Objectives: It is not known if aggressive postresuscitation care, including therapeutic hypothermia and percutaneous coronary intervention, benefits cardiac arrest survivors more than 75 years old. We compared treatments and outcomes of patients at six regional percutaneous coronary intervention centers in the United States to determine if aggressive care of elderly patients was warranted.
Design: Retrospective evaluation of registry data.
Setting: Six interventional cardiology centers in the United States.

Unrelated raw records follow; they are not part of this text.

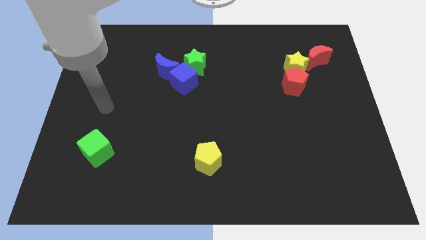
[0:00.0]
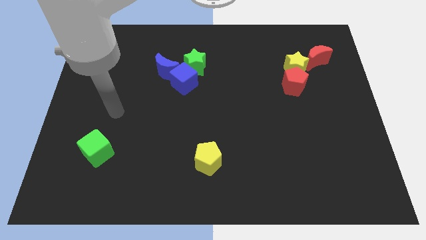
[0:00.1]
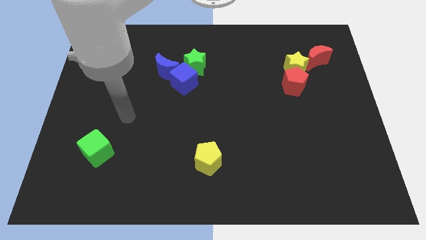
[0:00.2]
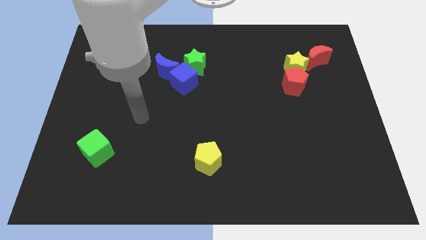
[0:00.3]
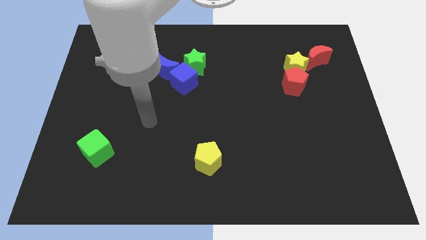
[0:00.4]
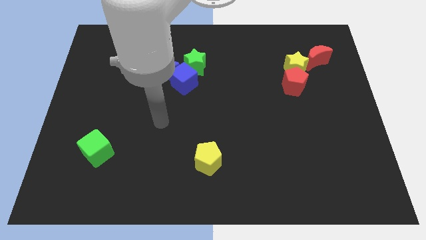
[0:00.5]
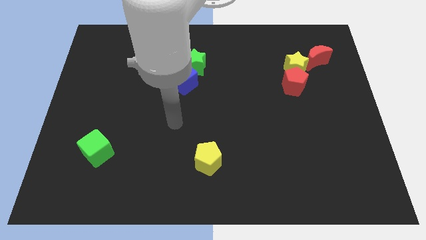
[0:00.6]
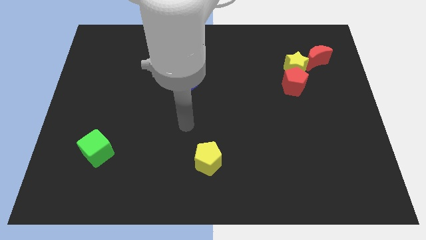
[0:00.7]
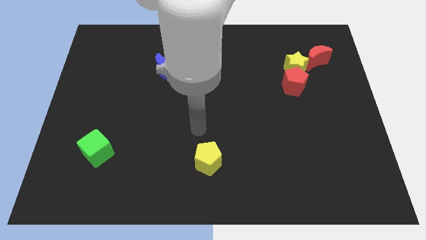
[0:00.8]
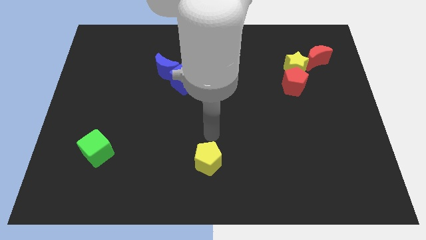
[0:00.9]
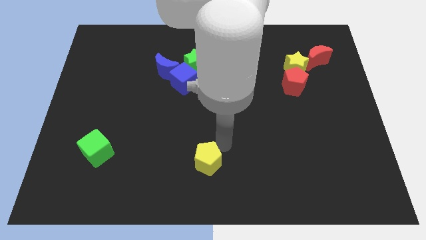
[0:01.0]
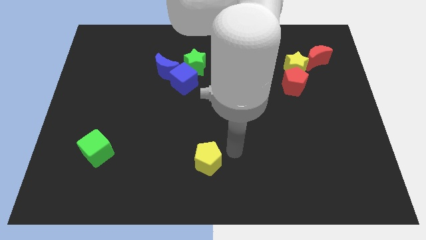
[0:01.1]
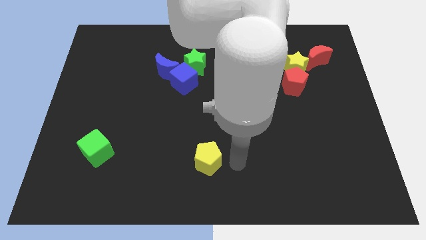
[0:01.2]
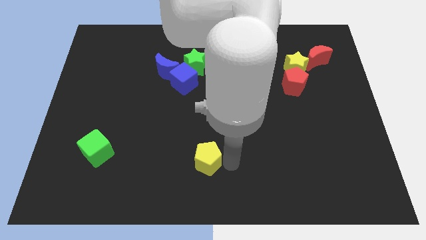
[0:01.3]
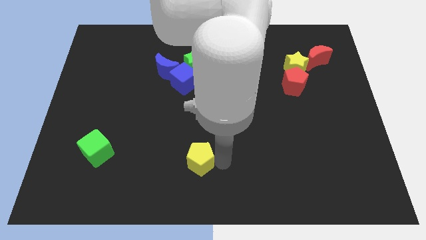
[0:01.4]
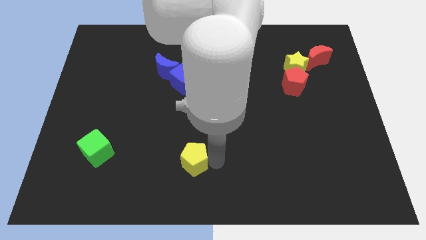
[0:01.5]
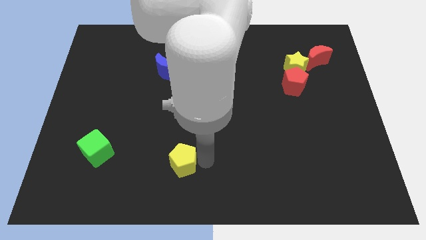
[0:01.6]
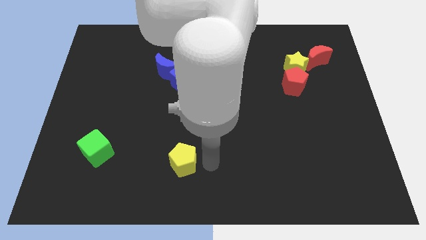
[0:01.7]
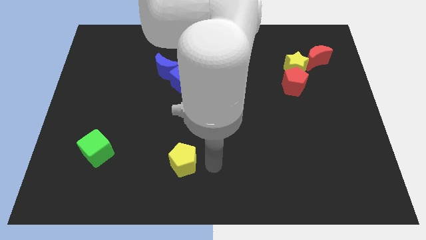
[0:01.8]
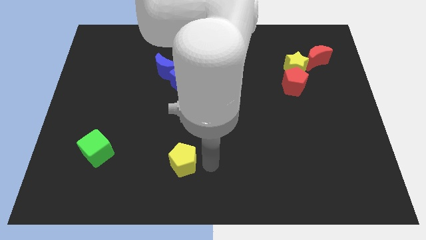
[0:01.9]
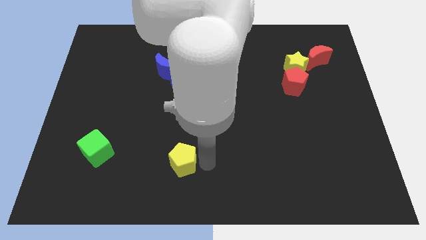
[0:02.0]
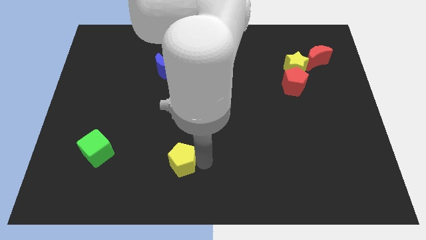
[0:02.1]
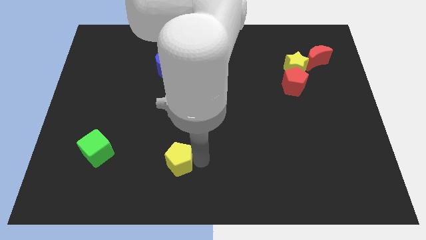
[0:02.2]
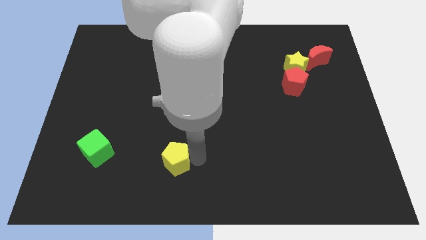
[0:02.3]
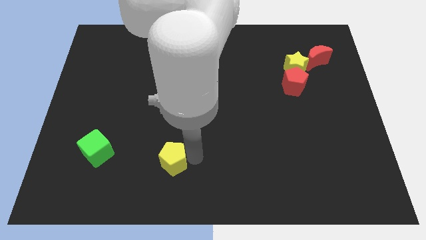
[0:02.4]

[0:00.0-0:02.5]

Patients: Six hundred and twenty-five unresponsive cardiac arrest survivors aged 18-75 were compared with 129 similar patients aged more than 75.
Interventions: None.
Measurements and main results: Cardiac arrest survivors aged more than 75 had more comorbidities (3.0 ± 1.6 vs 2.0 ± 1.6, p < 0.001), but were matched to younger patients in initial heart rhythm, witnessed arrests, bystander cardiopulmonary resuscitation, and total ischemic time. Patients aged more than 75 frequently underwent therapeutic hypothermia (97.7%), urgent coronary angiography (44.2%), and urgent percutaneous coronary intervention (24%). They had more sustained hyperglycemia (70.5% vs 59%, p = 0.015), less postcooling fever (25.2% vs 35.2%, p = 0.03), were more likely to have do-not-resuscitate orders (65.9% vs 48.2%, p < 0.001), and undergo withdrawal of life support (61.2% vs 47.5%, p = 0.005). Good functional outcome at 6 months (Cerebral Performance Category 1-2) was seen in 27.9% elderly versus 40.4% younger patients overall (p = 0.01) and in 44% versus 55% (p = 0.13) of patients with an initial shockable rhythm. Of 35 survivors more than 75 years old, 33 (94.8%) were classified as Cerebral Performance Category 1 or 2 at (mean) 6.5-month follow-up. In multivariable logistic regression modeling, age more than 75 was significantly associated with outcome only when the presence of a do-not-resuscitate order was excluded from the model.
Conclusions: Elderly patients were more likely to have do-not-resuscitate orders and to undergo withdrawal of life support. Age was independently associated with outcome only when correction for do-not-resuscitate status was excluded, and functional outcomes of elderly survivors were similar to younger patients. Exclusion of patients more than 75 years old from aggressive care is not warranted on the basis of age alone.